* **What is needed**
The records below must be output exactly, without pictures.

* **Stored entries**
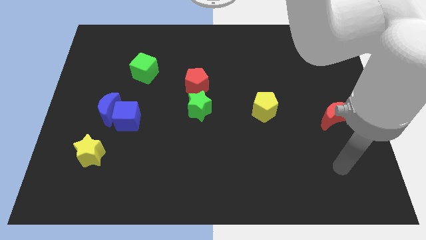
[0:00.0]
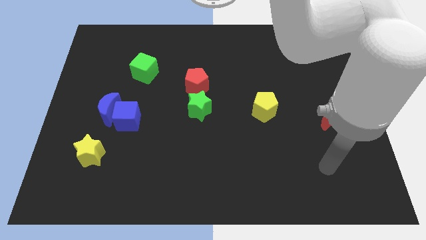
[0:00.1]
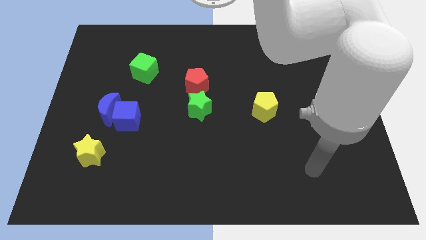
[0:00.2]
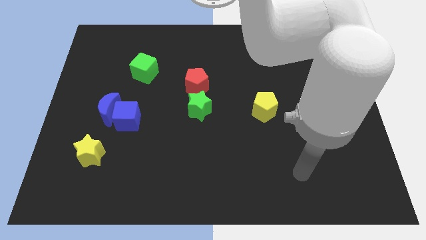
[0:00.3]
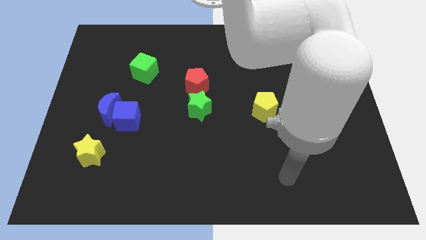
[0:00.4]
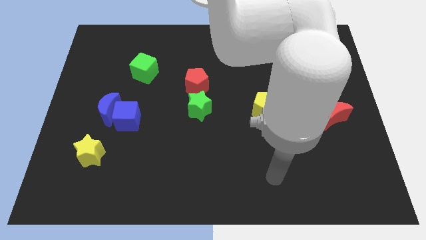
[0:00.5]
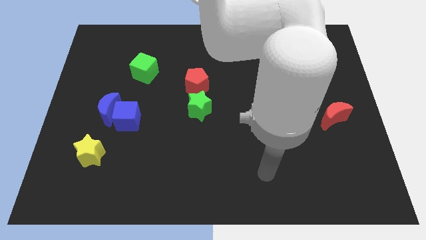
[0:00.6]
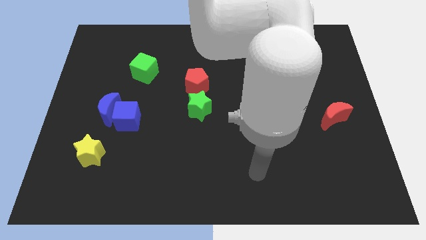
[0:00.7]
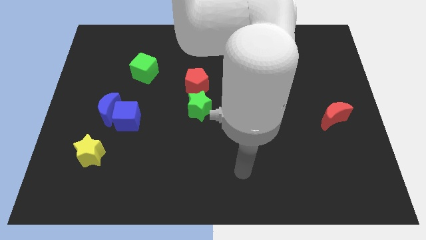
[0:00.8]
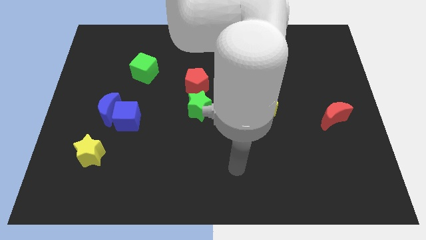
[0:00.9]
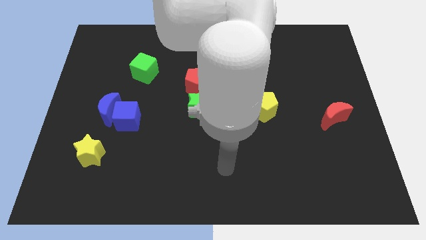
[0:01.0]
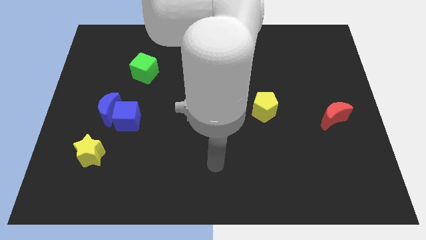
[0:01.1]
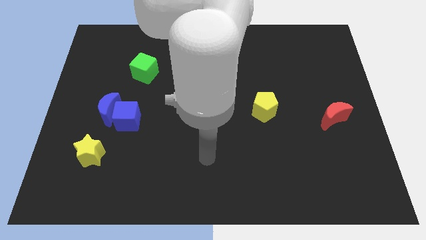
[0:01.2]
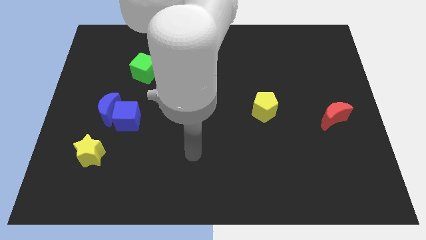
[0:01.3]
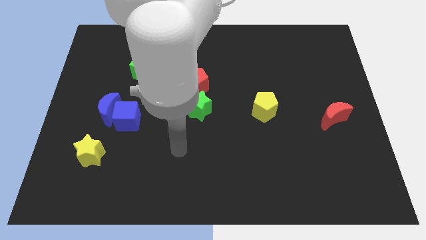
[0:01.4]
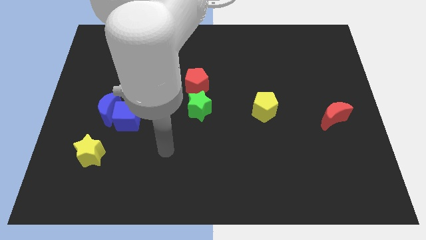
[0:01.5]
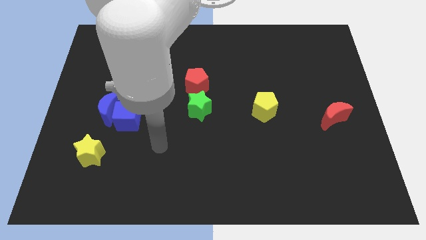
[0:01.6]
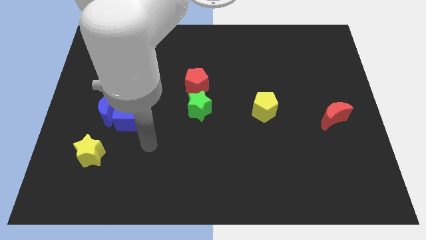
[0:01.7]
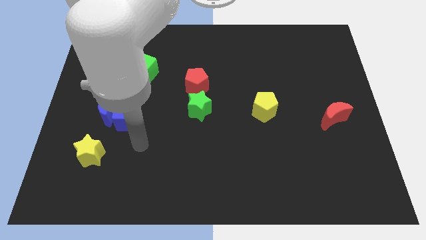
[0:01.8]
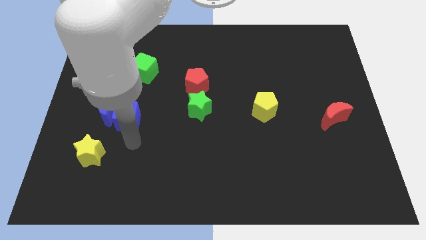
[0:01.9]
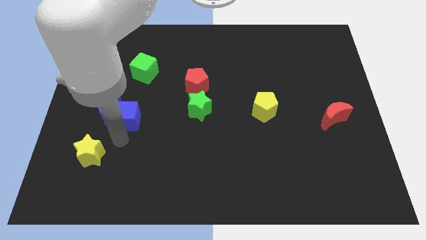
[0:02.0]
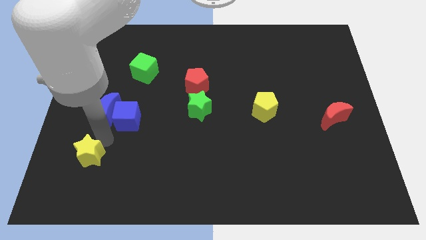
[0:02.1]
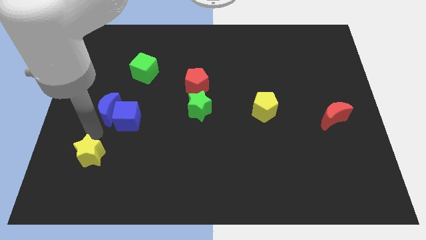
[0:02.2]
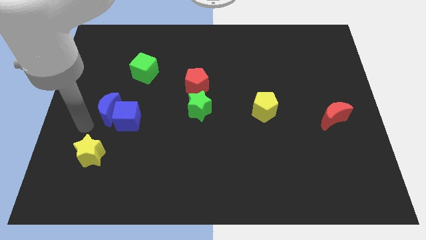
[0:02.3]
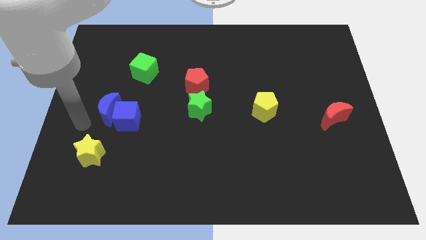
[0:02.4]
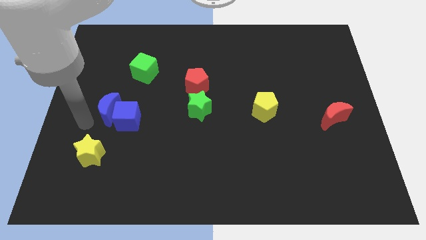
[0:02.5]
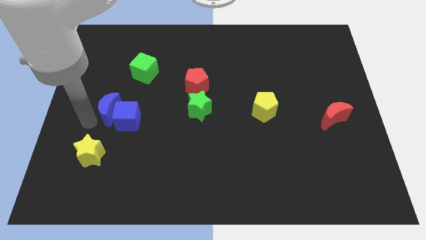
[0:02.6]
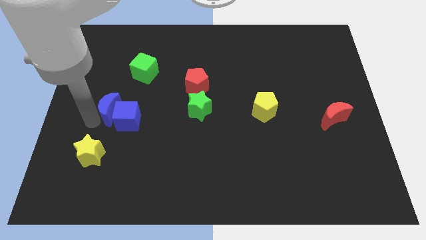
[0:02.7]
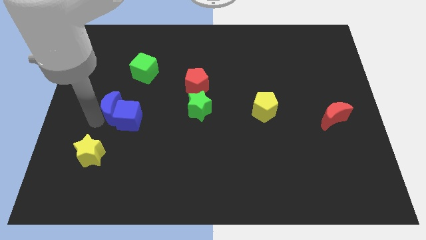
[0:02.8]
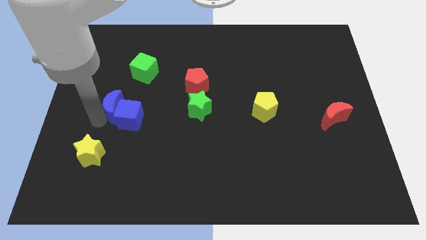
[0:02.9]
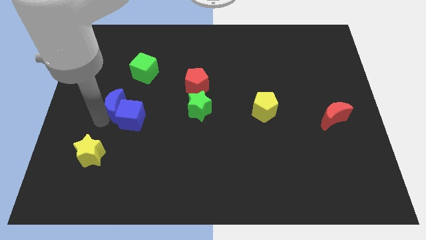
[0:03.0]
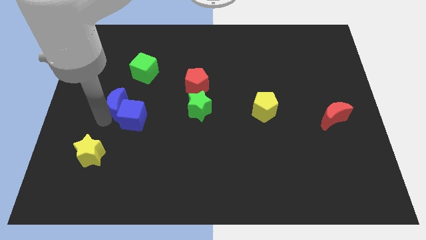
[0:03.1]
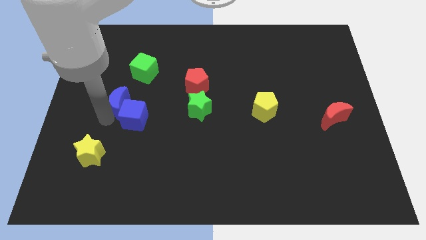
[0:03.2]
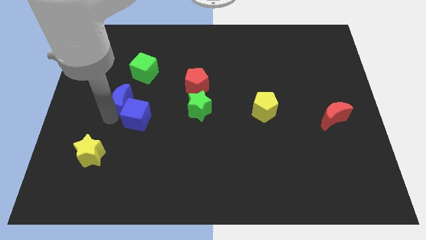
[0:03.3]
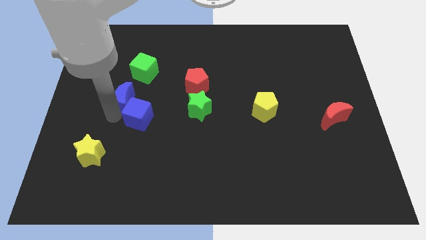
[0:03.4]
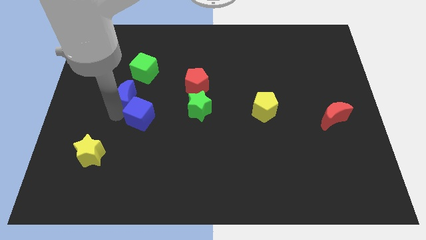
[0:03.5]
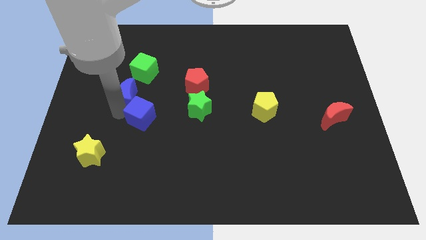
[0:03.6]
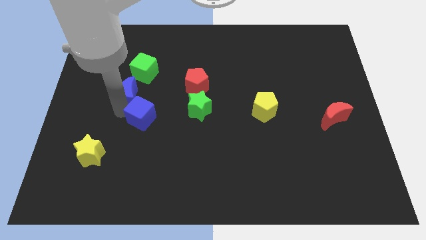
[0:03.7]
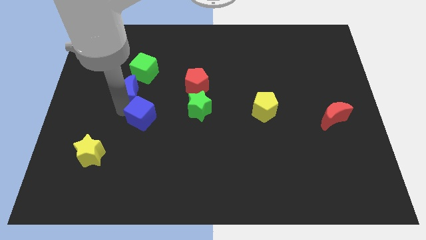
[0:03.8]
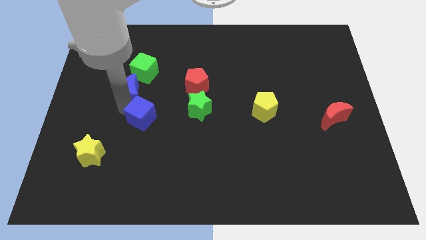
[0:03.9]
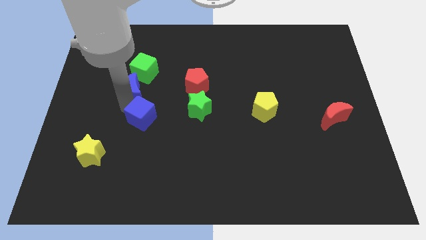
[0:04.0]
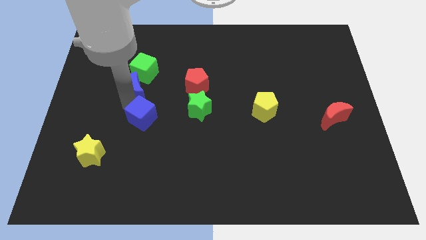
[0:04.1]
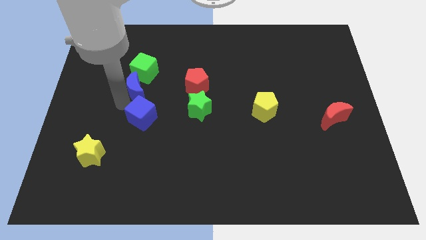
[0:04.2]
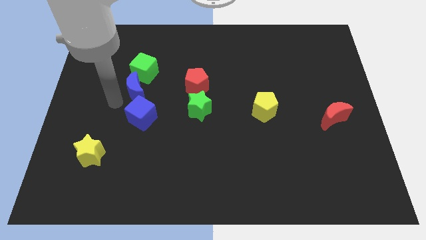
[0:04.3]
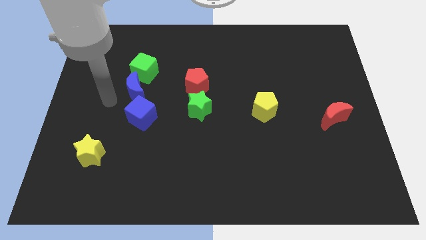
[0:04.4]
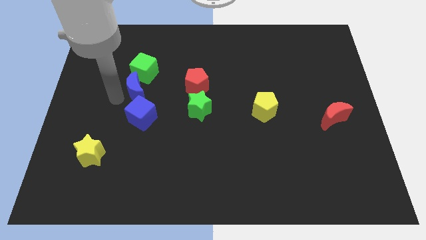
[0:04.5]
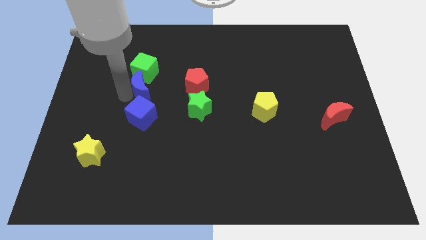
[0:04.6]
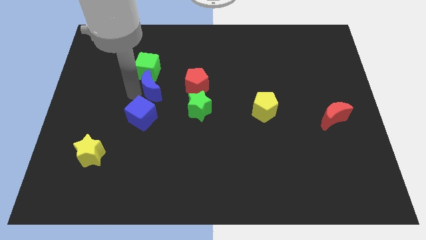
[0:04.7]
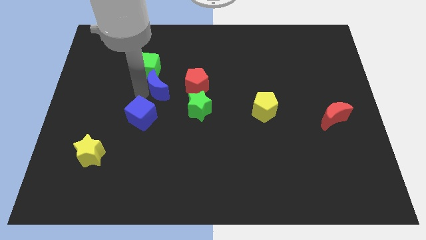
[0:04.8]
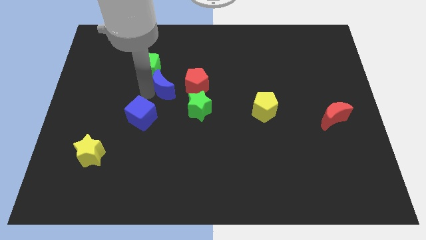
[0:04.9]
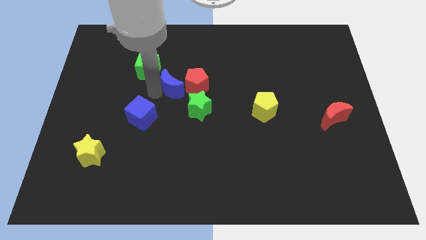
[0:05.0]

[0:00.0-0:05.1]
move the blue moon to the middle of the board

* **Task answer**
[0:00.0]
[0:00.1]
[0:00.2]
[0:00.3]
[0:00.4]
[0:00.5]
[0:00.6]
[0:00.7]
[0:00.8]
[0:00.9]
[0:01.0]
[0:01.1]
[0:01.2]
[0:01.3]
[0:01.4]
[0:01.5]
[0:01.6]
[0:01.7]
[0:01.8]
[0:01.9]
[0:02.0]
[0:02.1]
[0:02.2]
[0:02.3]
[0:02.4]
[0:02.5]
[0:02.6]
[0:02.7]
[0:02.8]
[0:02.9]
[0:03.0]
[0:03.1]
[0:03.2]
[0:03.3]
[0:03.4]
[0:03.5]
[0:03.6]
[0:03.7]
[0:03.8]
[0:03.9]
[0:04.0]
[0:04.1]
[0:04.2]
[0:04.3]
[0:04.4]
[0:04.5]
[0:04.6]
[0:04.7]
[0:04.8]
[0:04.9]
[0:05.0]

[0:00.0-0:05.1]
move the blue moon to the middle of the board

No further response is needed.